### Problem description:
Leave out the pictures and retype, exactly, the lines below from the line with "The image shows 35" up to and including the line with "A typesetter would", nothing more.

### Records for this task:

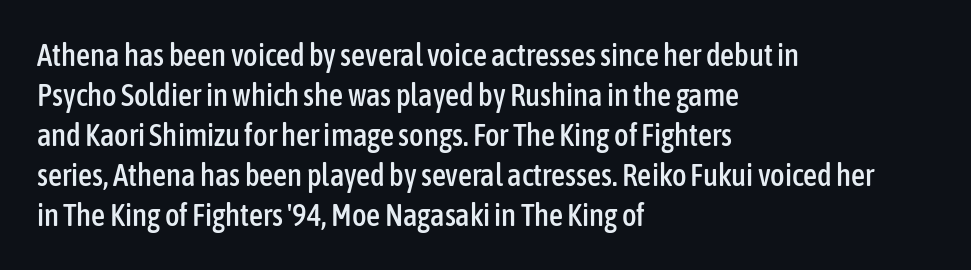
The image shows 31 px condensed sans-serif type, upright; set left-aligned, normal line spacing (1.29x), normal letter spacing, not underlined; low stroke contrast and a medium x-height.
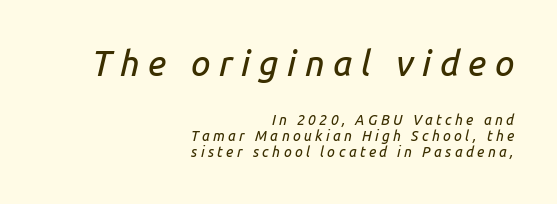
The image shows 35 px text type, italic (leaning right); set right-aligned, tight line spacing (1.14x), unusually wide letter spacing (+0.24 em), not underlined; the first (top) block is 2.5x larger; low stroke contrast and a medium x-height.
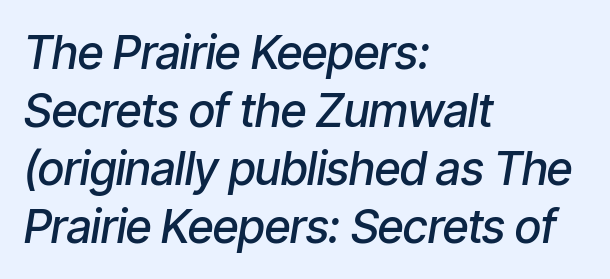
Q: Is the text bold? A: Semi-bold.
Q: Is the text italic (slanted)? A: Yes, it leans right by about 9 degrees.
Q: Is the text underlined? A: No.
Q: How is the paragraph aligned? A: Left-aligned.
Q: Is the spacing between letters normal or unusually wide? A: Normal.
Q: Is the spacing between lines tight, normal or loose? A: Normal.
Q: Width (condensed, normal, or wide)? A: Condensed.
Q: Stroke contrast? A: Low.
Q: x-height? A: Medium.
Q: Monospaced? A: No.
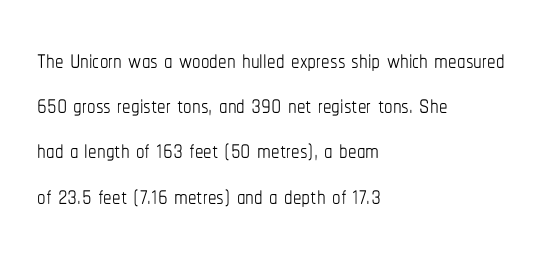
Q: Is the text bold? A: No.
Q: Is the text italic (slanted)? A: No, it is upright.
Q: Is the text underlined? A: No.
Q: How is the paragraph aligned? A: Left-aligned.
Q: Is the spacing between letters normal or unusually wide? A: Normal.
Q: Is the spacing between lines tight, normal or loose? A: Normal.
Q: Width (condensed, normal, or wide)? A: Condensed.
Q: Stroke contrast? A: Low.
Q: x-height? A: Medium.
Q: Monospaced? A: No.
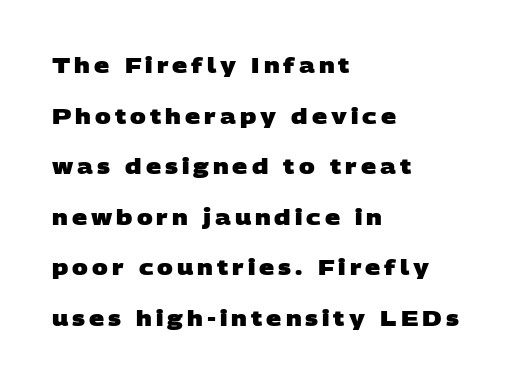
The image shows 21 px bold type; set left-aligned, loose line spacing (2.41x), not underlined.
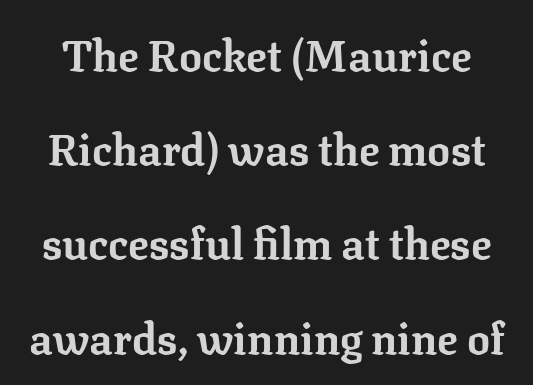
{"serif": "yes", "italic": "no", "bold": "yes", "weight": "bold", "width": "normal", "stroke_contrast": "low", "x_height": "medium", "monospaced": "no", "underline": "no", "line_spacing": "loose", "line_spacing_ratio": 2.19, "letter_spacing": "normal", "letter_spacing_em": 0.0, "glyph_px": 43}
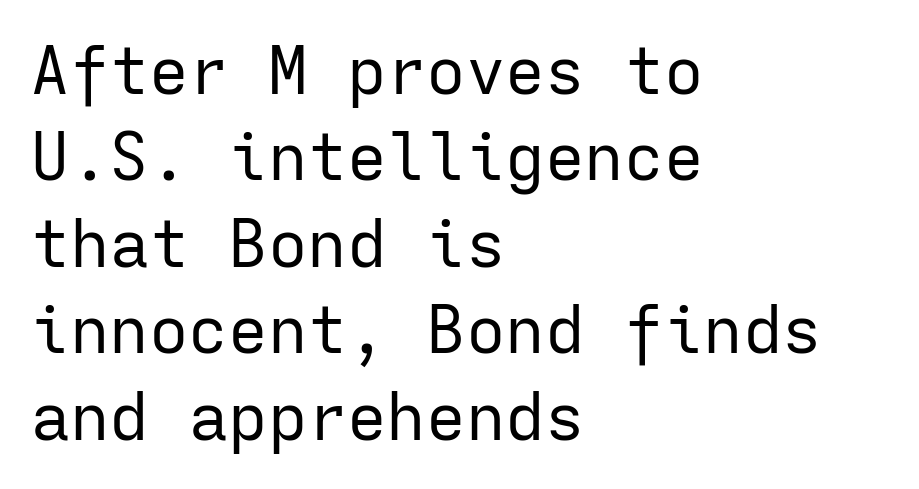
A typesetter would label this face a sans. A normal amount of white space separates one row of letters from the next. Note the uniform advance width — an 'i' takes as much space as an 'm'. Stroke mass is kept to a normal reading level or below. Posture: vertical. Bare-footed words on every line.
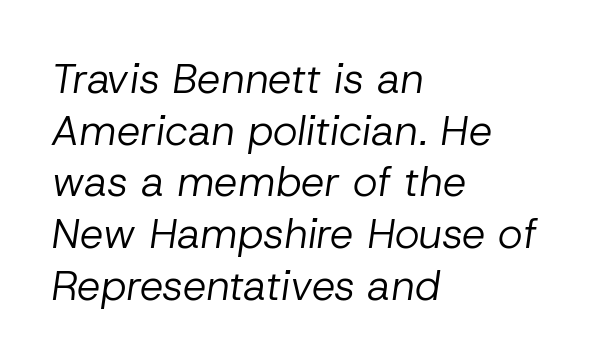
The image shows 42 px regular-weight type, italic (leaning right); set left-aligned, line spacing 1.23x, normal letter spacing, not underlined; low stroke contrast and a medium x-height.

### Task result:
The image shows 35 px text type, italic (leaning right); set right-aligned, tight line spacing (1.14x), unusually wide letter spacing (+0.24 em), not underlined; the first (top) block is 2.5x larger; low stroke contrast and a medium x-height.
Q: Is the text bold? A: Semi-bold.
Q: Is the text italic (slanted)? A: Yes, it leans right by about 9 degrees.
Q: Is the text underlined? A: No.
Q: How is the paragraph aligned? A: Left-aligned.
Q: Is the spacing between letters normal or unusually wide? A: Normal.
Q: Is the spacing between lines tight, normal or loose? A: Normal.
Q: Width (condensed, normal, or wide)? A: Condensed.
Q: Stroke contrast? A: Low.
Q: x-height? A: Medium.
Q: Monospaced? A: No.
Q: Is the text bold? A: No.
Q: Is the text italic (slanted)? A: No, it is upright.
Q: Is the text underlined? A: No.
Q: How is the paragraph aligned? A: Left-aligned.
Q: Is the spacing between letters normal or unusually wide? A: Normal.
Q: Is the spacing between lines tight, normal or loose? A: Normal.
Q: Width (condensed, normal, or wide)? A: Condensed.
Q: Stroke contrast? A: Low.
Q: x-height? A: Medium.
Q: Monospaced? A: No.
The image shows 21 px bold type; set left-aligned, loose line spacing (2.41x), not underlined.
{"serif": "yes", "italic": "no", "bold": "yes", "weight": "bold", "width": "normal", "stroke_contrast": "low", "x_height": "medium", "monospaced": "no", "underline": "no", "line_spacing": "loose", "line_spacing_ratio": 2.19, "letter_spacing": "normal", "letter_spacing_em": 0.0, "glyph_px": 43}
A typesetter would label this face a sans. A normal amount of white space separates one row of letters from the next. Note the uniform advance width — an 'i' takes as much space as an 'm'. Stroke mass is kept to a normal reading level or below. Posture: vertical. Bare-footed words on every line.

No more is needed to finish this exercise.